Data shown section start

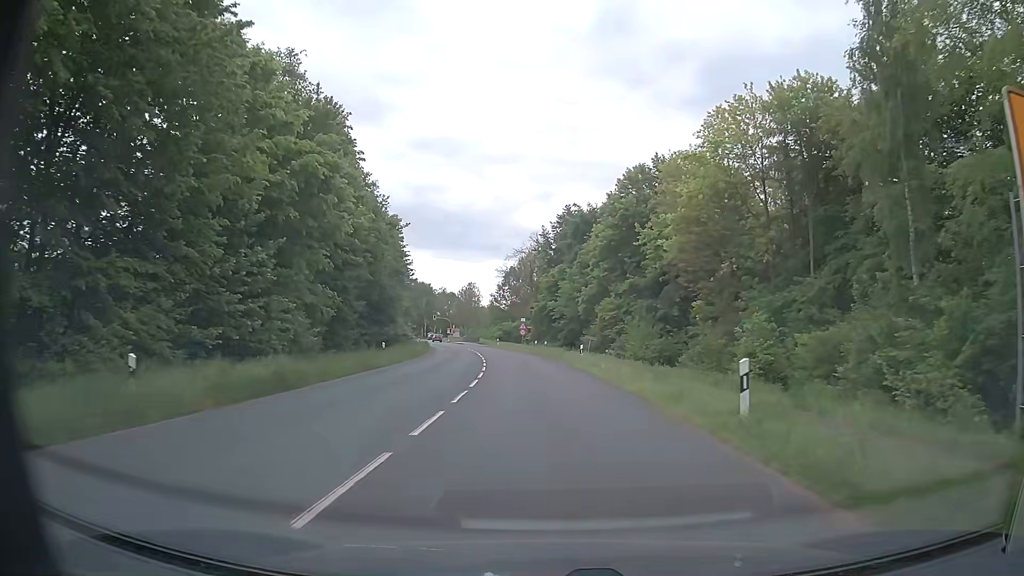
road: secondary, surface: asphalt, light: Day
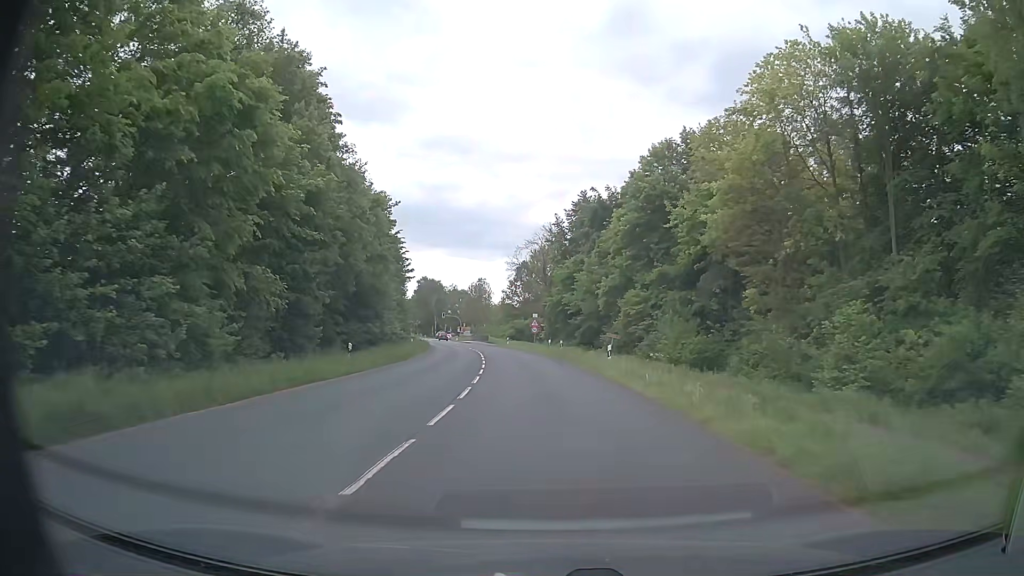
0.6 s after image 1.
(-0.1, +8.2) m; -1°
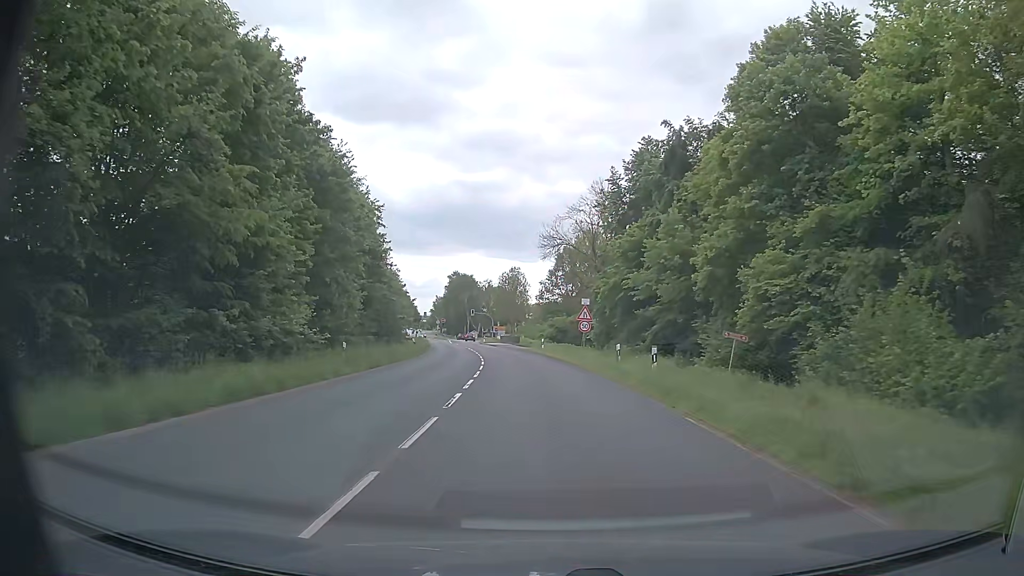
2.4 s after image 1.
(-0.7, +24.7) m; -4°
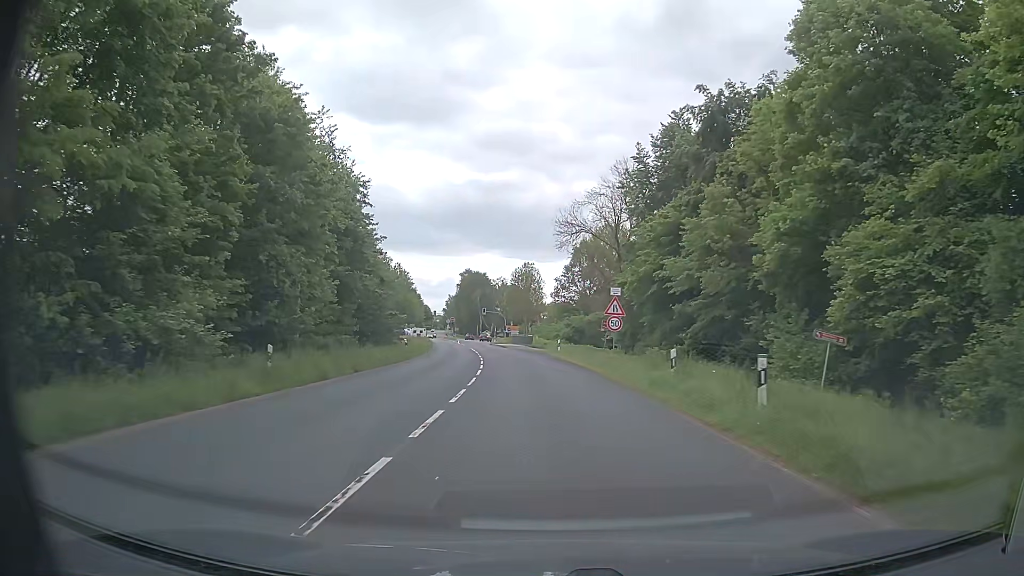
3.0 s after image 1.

Data shown section end

Directions: Keep every word of the records exact as you write them out, but drop the pictures.

Solved exercise:
road: secondary, surface: asphalt, light: Day
0.6 s after image 1.
(-0.1, +8.2) m; -1°
2.4 s after image 1.
(-0.7, +24.7) m; -4°
3.0 s after image 1.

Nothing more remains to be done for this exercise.